In consideration of the terms and conditions hereof, and for other good and valuable consideration, the receipt and sufficiency of which is hereby acknowledged, the Company and Employee agree as follows:
1. Severance .
(a) If Employee’s employment with the Company is terminated by the Company for any reason other than for Cause, or if Employee’s employment with the Company is terminated by the Company for any reason other than for Cause within 24 months following a Change in Control, or if Employee terminates his or her employment with the Company for Good Reason, Employee shall be entitled to receive as a severance payment to be paid in equal installments over the twelve months following Employee’s termination, and in accordance with the Company’s normal payroll practices, an aggregate amount equal to: (i) twelve months’ base salary at the highest rate paid to Employee during the three years prior to Employee’s termination, plus (ii) the average annual bonus awarded to Employee for the three fiscal years ended prior to Employee’s termination (or for the period of Employee’s employment by the Company if less than three years). In addition to the foregoing severance payment, Employee shall be entitled to receive during the twelve months following Employee’s termination continuing health insurance benefits at least equal to the benefits received by Employee at the time of termination.
(b) As used herein:
“Cause” means, in each case in the reasonable discretion of the Company’s board of directors (the “Board”): (i) Employee being charged with commission of a crime that constitutes a felony (provided that if following Employee’s termination the charges are dropped or Employee is acquitted then Employee shall be entitled to the severance payment); (ii) acts of Employee which constitute willful fraud or dishonesty on the part of Employee in connection with his or her duties; (iii) Employee willfully engaging in conduct materially injurious to the Company or gross misconduct, including but not limited to the willful or grossly negligent failure or refusal of Employee to comply with the lawful instruction of the Board or Employee’s supervisor, after a written demand for compliance is delivered to Employee by the Board or Employee’s supervisor which specifically identifies the manner in which the Board or Employee’s supervisor believes that Employee has violated this provision; (iv) Employee’s failure, whether or not intentional, to fully comply with: (a) the Company’s Code of Business Conduct and Ethics for Directors, Officers and Employees, (b) the Company’s Code of Ethics for Chief Executive Officer and Senior Financial Officers; or (c) the Company’s Statement of Policy Regarding Securities Trades by Company Personnel; or (v) Employee’s failure to fully cooperate in good faith with any internal, governmental or regulatory investigation involving or in any way related to the Company or its operations. Any act or failure to act based upon authority given pursuant to a resolution duly adopted by the Board or based on the advice of a senior officer or counsel for the Company shall be conclusively presumed to be done, or omitted to be done, by Employee in good faith and in the best interests of the Company.

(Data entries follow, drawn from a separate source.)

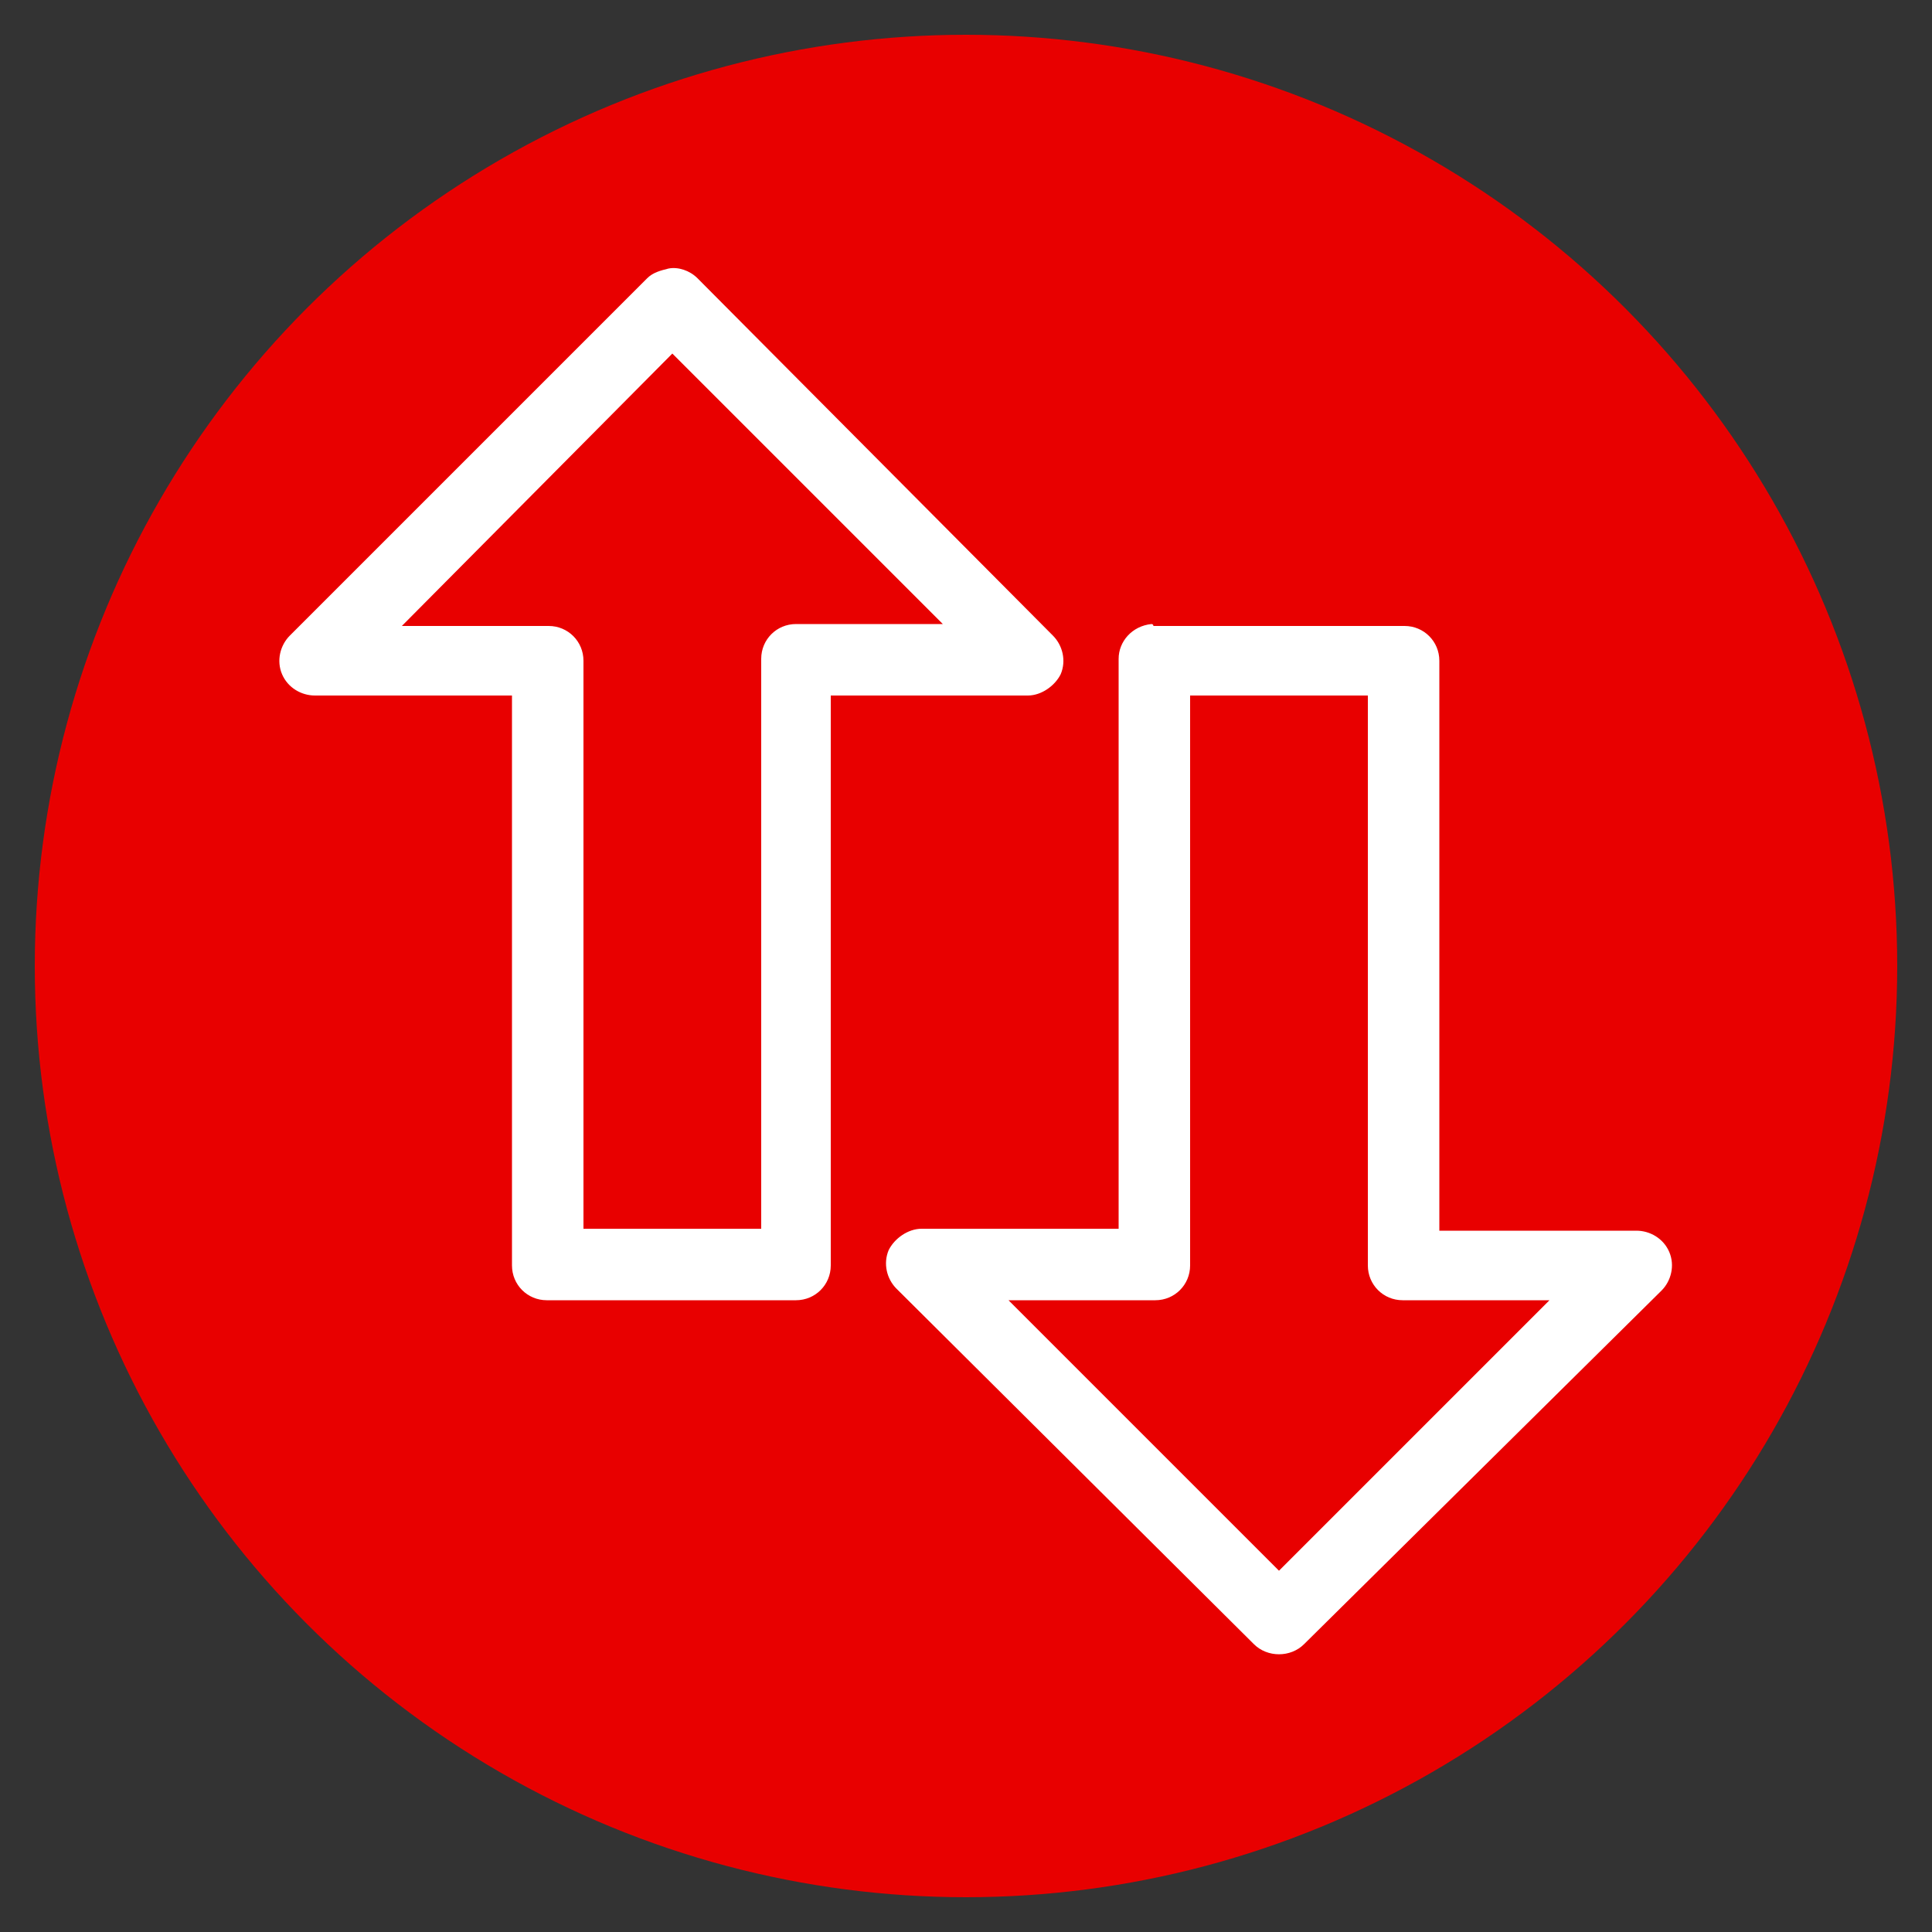 <?xml version="1.0" encoding="utf-8"?>
<!-- Generator: Adobe Illustrator 21.0.2, SVG Export Plug-In . SVG Version: 6.00 Build 0)  -->
<svg version="1.1" id="Layer_1" xmlns="http://www.w3.org/2000/svg" xmlns:xlink="http://www.w3.org/1999/xlink" x="0px" y="0px"
	 viewBox="0 0 100 100" style="enable-background:new 0 0 100 100;" xml:space="preserve">
<rect x="0" y="0" width="100" height="100" fill="#333333" stroke="none"/>
<style type="text/css">
	.st0{fill:#E80000;}
	.st1{fill:#256ACE;}
	.st2{fill:#FFFFFF;}
	.st3{fill:#83B633;}
</style>
<circle class="st0" cx="50" cy="50" r="48.2"/>
<g id="Artboard-Copy">
	<g id="noun_1079586_cc" transform="translate(3, 2)">
		<g id="Group">
			<path id="Shape" class="st2" d="M31.6,11.9c-0.4,0.1-0.8,0.2-1.1,0.5L12,30.9c-0.5,0.5-0.7,1.3-0.4,2c0.3,0.7,1,1.1,1.7,1.1h10.2
				v29.5c0,1,0.8,1.8,1.8,1.8h12.9c1,0,1.8-0.8,1.8-1.8V34h10.2c0.7,0,1.4-0.5,1.7-1.1c0.3-0.7,0.1-1.5-0.4-2L33.1,12.4
				C32.7,12,32.1,11.8,31.6,11.9z M31.8,16.3l14,14h-7.6c-1,0-1.8,0.8-1.8,1.8v29.5h-9.2V32.2c0-1-0.8-1.8-1.8-1.8h-7.6L31.8,16.3z
				 M56.6,30.3c-1,0.1-1.7,0.9-1.7,1.8v29.5H44.7c-0.7,0-1.4,0.5-1.7,1.1c-0.3,0.7-0.1,1.5,0.4,2l18.5,18.4c0.7,0.7,1.9,0.7,2.6,0
				L83,64.8c0.5-0.5,0.7-1.3,0.4-2c-0.3-0.7-1-1.1-1.7-1.1H71.5V32.2c0-1-0.8-1.8-1.8-1.8H56.7C56.7,30.3,56.6,30.3,56.6,30.3z
				 M58.6,34h9.2v29.5c0,1,0.8,1.8,1.8,1.8h7.6l-14,14l-14-14h7.6c1,0,1.8-0.8,1.8-1.8V34z"/>
		</g>
	</g>
</g>
</svg>

“Change in Control” means the successful consummation of a transaction resulting in a change in the ownership or effective control of the Company or ownership of a substantial portion of the assets of the Company within the meaning of Section 409A(a)(2)(C)(v) of the Internal Revenue Code of 1986, as amended, or any successor statute (“Code”).
“Good Reason” means any of the following: (i) one or more reductions of Employee’s base salary amounting to 10% or more from Employee’s highest previous base salary, provided that any reduction which is generally consistent with across-the-board reductions in pay of the Company as a whole shall not be counted for this purpose unless a Change in Control has occurred; (ii) the Company’s requiring Employee to be based at any office or location greater than 50 miles from the office of the Company at which Employee is employed as of the date of this Agreement; (iii) after a Change in Control, a relocation of the office of the Company at which Employee is employed as of the date of this Agreement more than 50 miles from its present location; or (iv) one or more other actions by the Company which collectively amount to a constructive discharge of Employee.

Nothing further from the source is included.